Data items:
------------------------
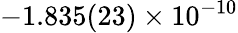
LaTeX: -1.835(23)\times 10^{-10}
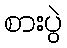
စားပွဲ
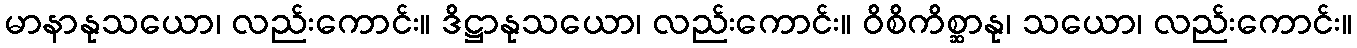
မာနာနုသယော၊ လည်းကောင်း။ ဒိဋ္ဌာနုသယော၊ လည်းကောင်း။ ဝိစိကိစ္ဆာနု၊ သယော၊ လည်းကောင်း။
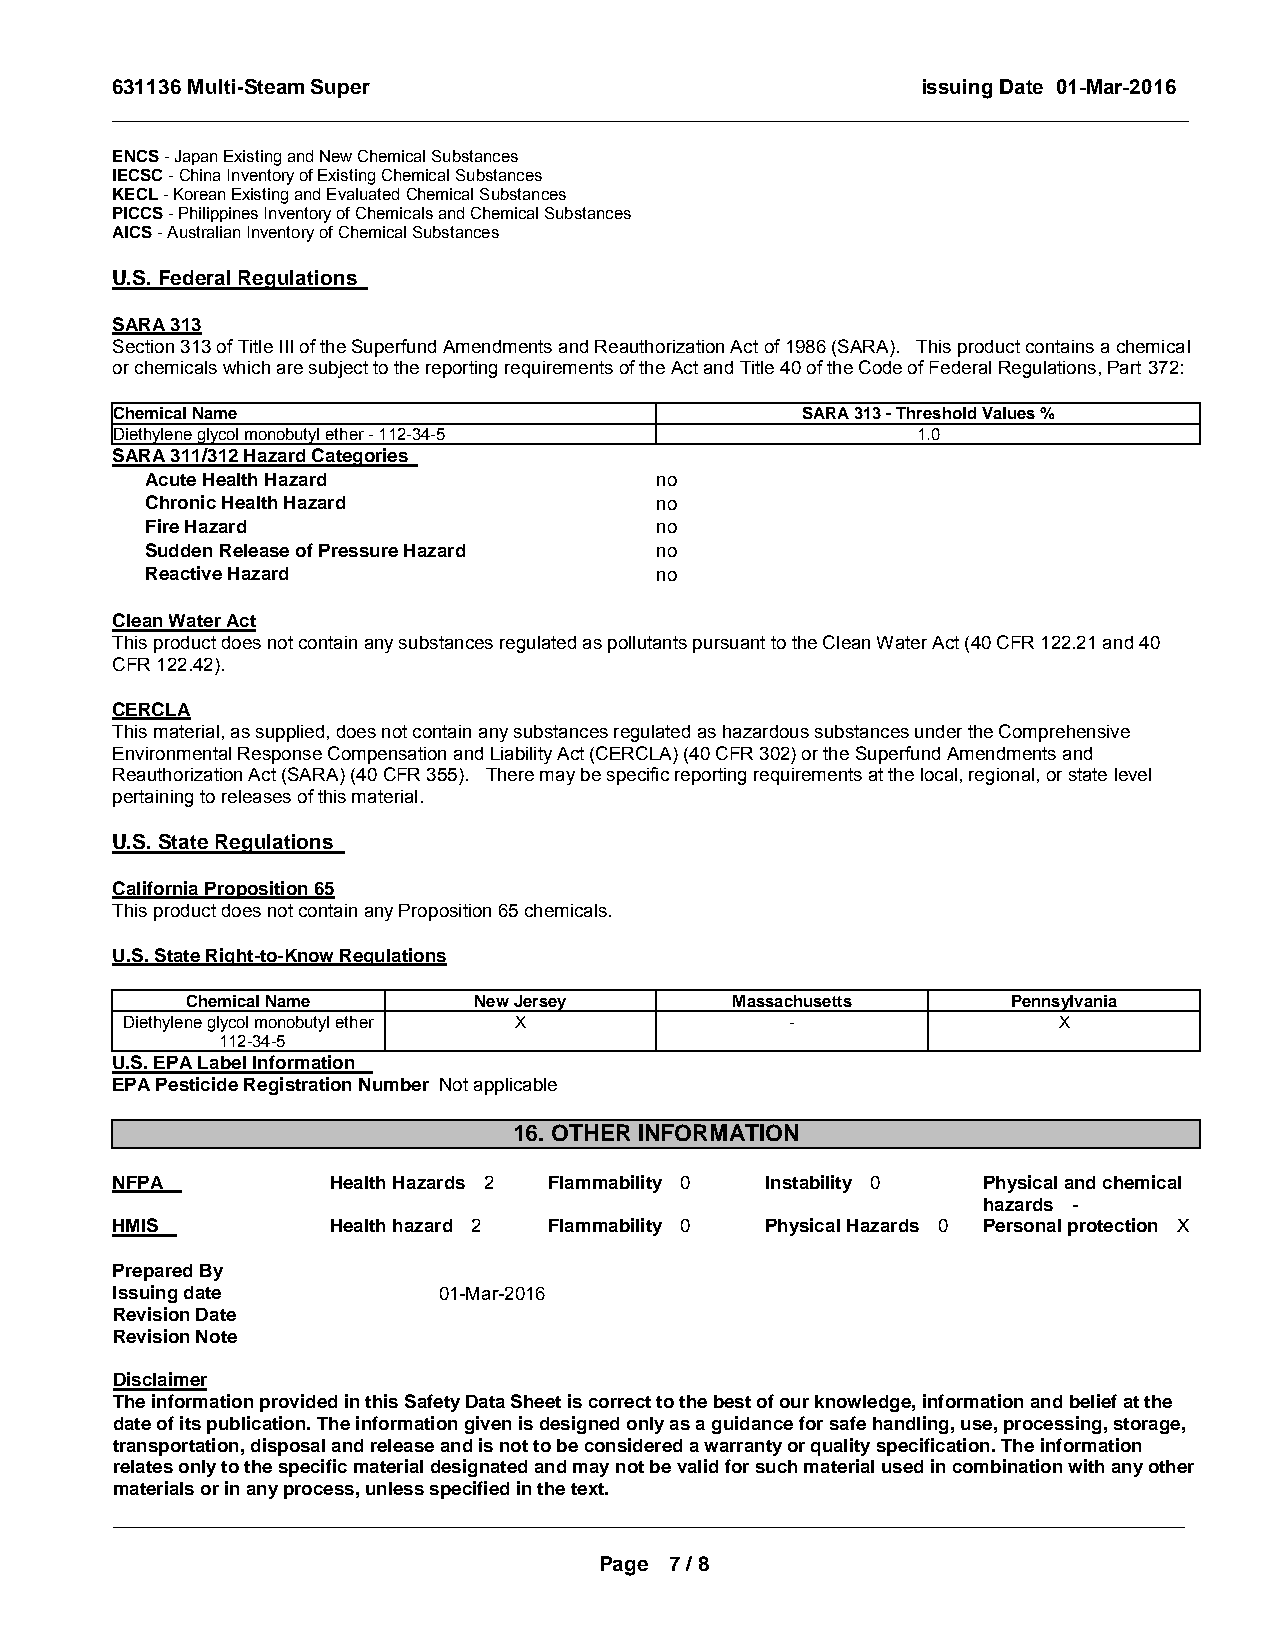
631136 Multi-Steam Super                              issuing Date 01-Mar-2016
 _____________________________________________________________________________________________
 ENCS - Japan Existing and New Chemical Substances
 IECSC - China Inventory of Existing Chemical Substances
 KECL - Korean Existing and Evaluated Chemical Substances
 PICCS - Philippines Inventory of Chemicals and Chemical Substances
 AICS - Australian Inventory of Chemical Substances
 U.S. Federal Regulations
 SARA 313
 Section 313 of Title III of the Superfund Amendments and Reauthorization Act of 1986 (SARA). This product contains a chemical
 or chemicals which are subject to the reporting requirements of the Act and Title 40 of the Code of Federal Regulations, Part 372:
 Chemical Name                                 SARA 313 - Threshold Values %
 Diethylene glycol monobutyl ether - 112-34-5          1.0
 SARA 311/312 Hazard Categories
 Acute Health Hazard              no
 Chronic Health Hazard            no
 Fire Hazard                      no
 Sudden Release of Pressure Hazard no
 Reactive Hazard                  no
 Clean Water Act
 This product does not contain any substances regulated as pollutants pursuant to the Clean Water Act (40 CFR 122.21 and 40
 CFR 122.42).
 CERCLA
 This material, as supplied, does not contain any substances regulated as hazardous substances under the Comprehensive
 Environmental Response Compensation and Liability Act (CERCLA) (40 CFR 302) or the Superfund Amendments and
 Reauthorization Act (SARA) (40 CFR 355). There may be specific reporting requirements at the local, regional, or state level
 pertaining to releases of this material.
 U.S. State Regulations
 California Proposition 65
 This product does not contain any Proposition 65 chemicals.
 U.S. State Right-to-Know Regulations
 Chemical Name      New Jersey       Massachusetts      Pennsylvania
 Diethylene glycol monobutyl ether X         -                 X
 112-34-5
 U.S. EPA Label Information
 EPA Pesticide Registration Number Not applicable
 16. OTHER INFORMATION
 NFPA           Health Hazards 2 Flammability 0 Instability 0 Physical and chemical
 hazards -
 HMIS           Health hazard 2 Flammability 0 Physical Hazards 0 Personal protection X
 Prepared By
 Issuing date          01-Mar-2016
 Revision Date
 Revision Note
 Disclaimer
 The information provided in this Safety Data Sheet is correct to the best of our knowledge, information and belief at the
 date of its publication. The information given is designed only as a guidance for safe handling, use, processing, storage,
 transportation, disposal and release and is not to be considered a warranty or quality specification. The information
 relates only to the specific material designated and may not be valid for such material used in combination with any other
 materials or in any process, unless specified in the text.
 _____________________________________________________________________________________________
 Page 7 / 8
------------------------
- _Exercise objective_: Once you reach the line with "Diethylene glycol monobutyl ether X" in the data above, copy it and every line after it exactly, up to and including the line with "Revision Date".

- _Response to the exercise_:
 Diethylene glycol monobutyl ether X         -                 X
 112-34-5
 U.S. EPA Label Information
 EPA Pesticide Registration Number Not applicable
 16. OTHER INFORMATION
 NFPA           Health Hazards 2 Flammability 0 Instability 0 Physical and chemical
 hazards -
 HMIS           Health hazard 2 Flammability 0 Physical Hazards 0 Personal protection X
 Prepared By
 Issuing date          01-Mar-2016
 Revision Date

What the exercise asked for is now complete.